» **Data extracted from a collection**
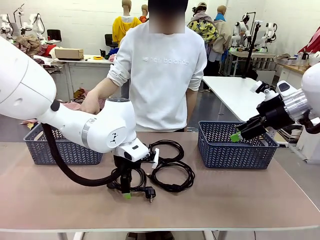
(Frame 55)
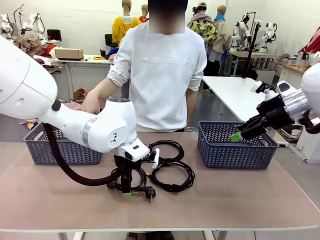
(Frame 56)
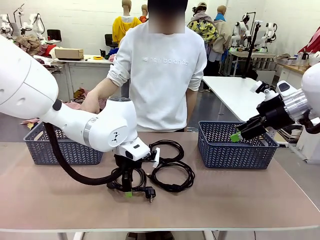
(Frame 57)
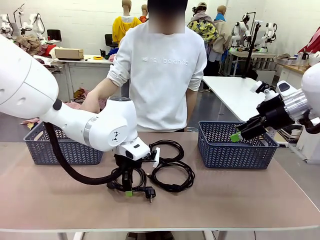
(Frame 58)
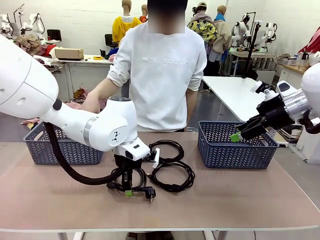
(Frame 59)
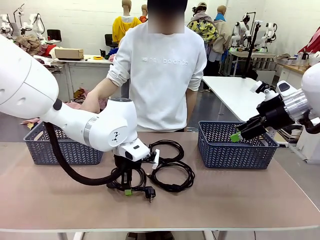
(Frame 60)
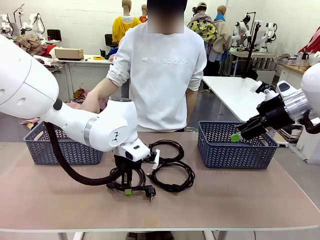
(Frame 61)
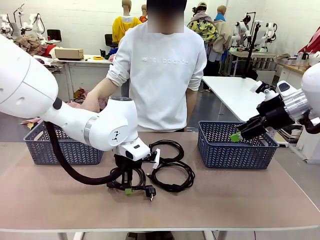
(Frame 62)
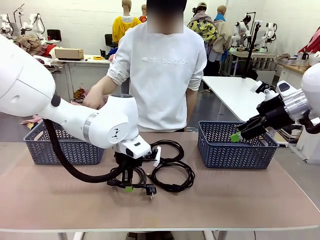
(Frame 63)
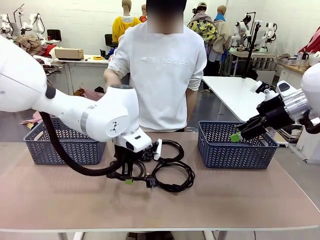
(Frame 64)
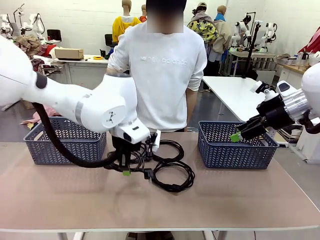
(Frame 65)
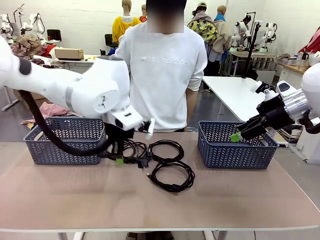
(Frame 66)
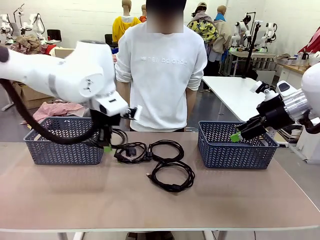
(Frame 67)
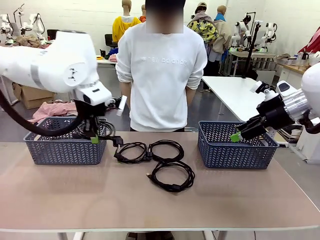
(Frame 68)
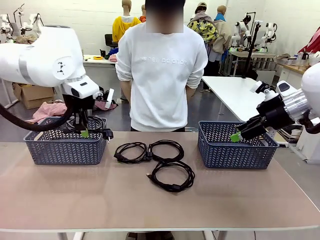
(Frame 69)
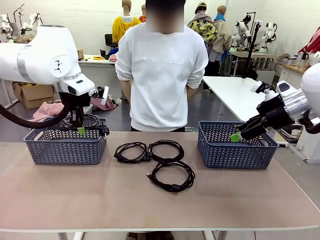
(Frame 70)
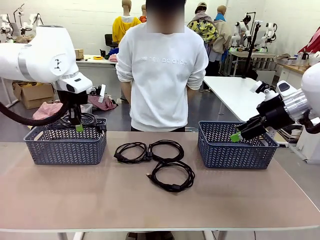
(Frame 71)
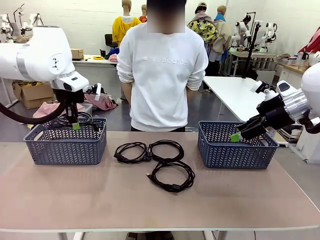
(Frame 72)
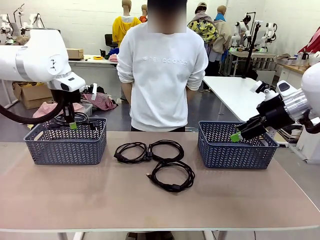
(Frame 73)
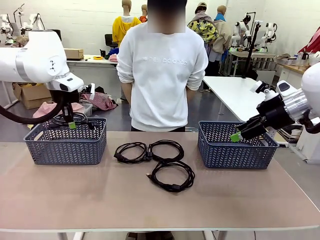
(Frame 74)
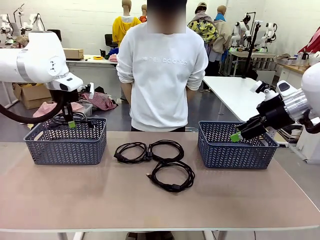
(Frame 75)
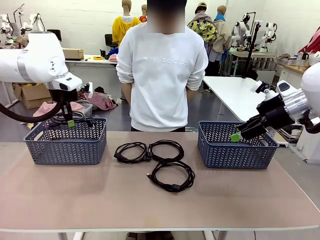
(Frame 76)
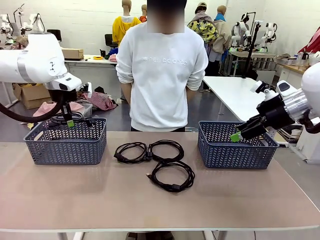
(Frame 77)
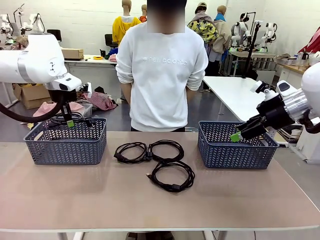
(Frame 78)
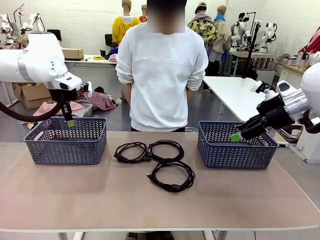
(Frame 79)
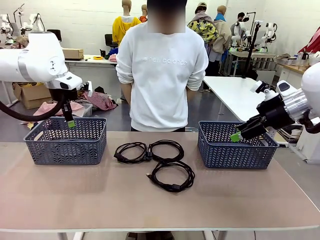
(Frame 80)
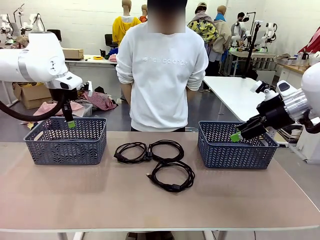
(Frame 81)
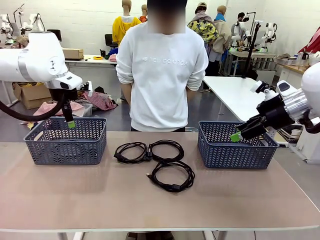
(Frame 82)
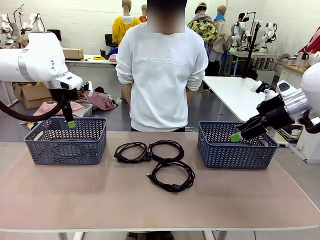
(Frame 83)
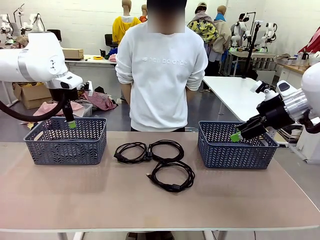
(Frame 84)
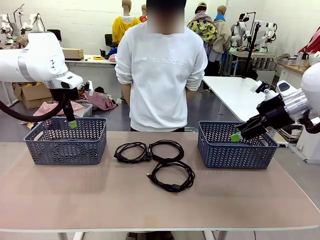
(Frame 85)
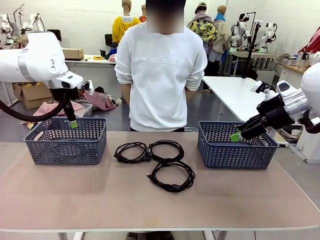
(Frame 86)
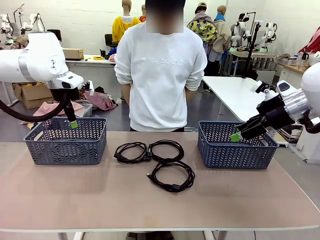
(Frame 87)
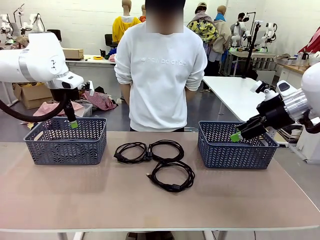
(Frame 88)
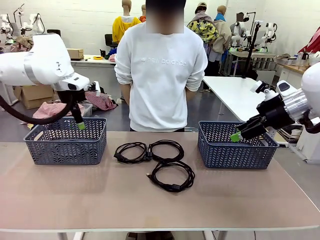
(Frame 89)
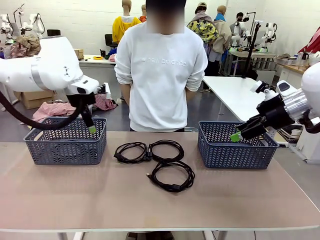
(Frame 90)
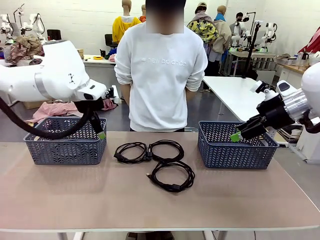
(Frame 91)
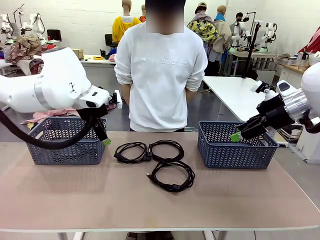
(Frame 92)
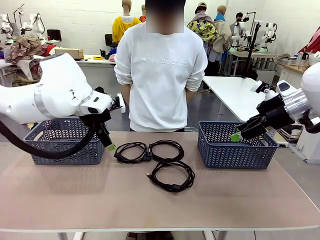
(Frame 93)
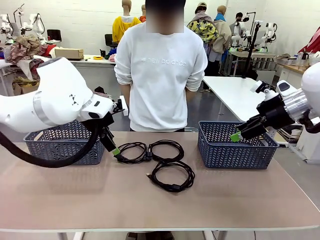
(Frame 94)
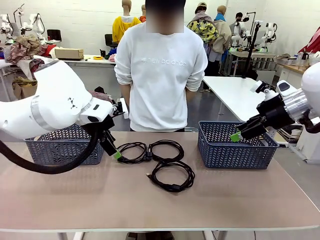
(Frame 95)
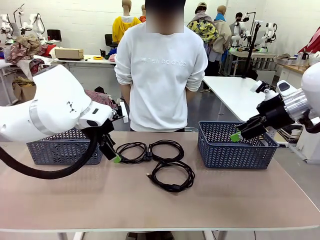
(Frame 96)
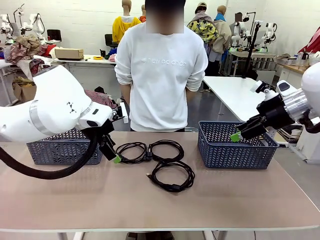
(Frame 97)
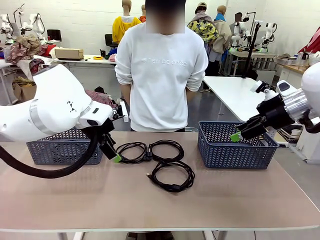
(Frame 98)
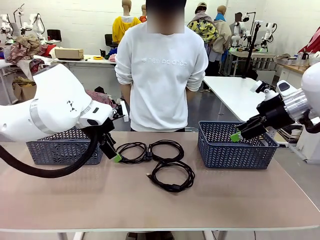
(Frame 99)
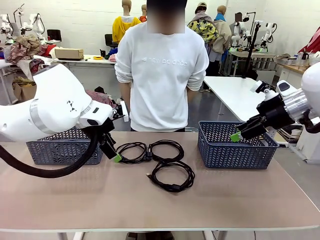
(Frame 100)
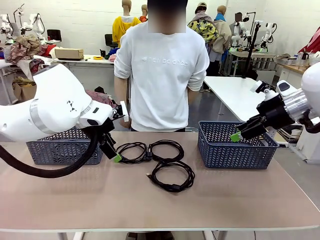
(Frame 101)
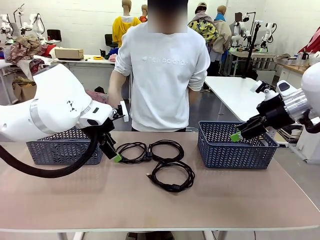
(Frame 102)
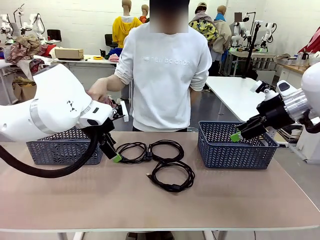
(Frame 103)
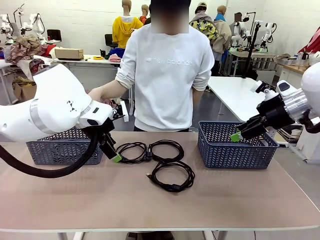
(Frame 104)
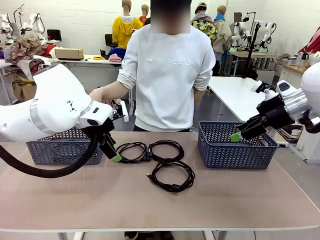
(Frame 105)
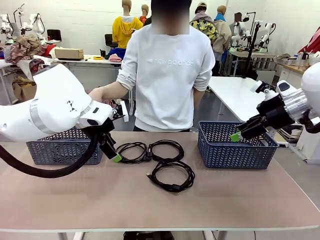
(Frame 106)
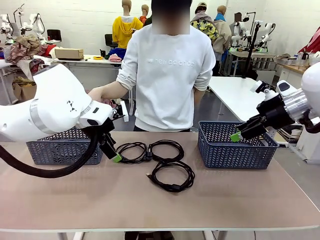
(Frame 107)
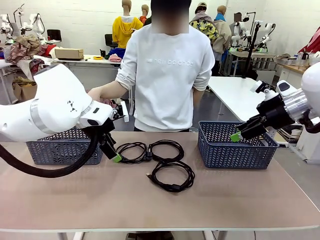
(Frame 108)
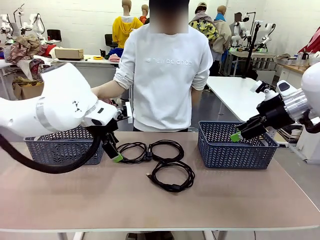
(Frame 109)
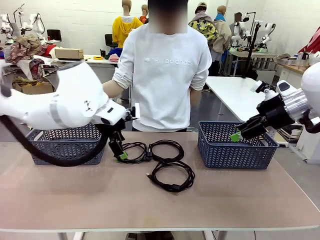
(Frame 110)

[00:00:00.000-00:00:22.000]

» **Work instruction**
Repeat each line of the records above exactly, but do not copy the pictures.

» **Output for this task**
(Frame 55)
(Frame 56)
(Frame 57)
(Frame 58)
(Frame 59)
(Frame 60)
(Frame 61)
(Frame 62)
(Frame 63)
(Frame 64)
(Frame 65)
(Frame 66)
(Frame 67)
(Frame 68)
(Frame 69)
(Frame 70)
(Frame 71)
(Frame 72)
(Frame 73)
(Frame 74)
(Frame 75)
(Frame 76)
(Frame 77)
(Frame 78)
(Frame 79)
(Frame 80)
(Frame 81)
(Frame 82)
(Frame 83)
(Frame 84)
(Frame 85)
(Frame 86)
(Frame 87)
(Frame 88)
(Frame 89)
(Frame 90)
(Frame 91)
(Frame 92)
(Frame 93)
(Frame 94)
(Frame 95)
(Frame 96)
(Frame 97)
(Frame 98)
(Frame 99)
(Frame 100)
(Frame 101)
(Frame 102)
(Frame 103)
(Frame 104)
(Frame 105)
(Frame 106)
(Frame 107)
(Frame 108)
(Frame 109)
(Frame 110)

[00:00:00.000-00:00:22.000]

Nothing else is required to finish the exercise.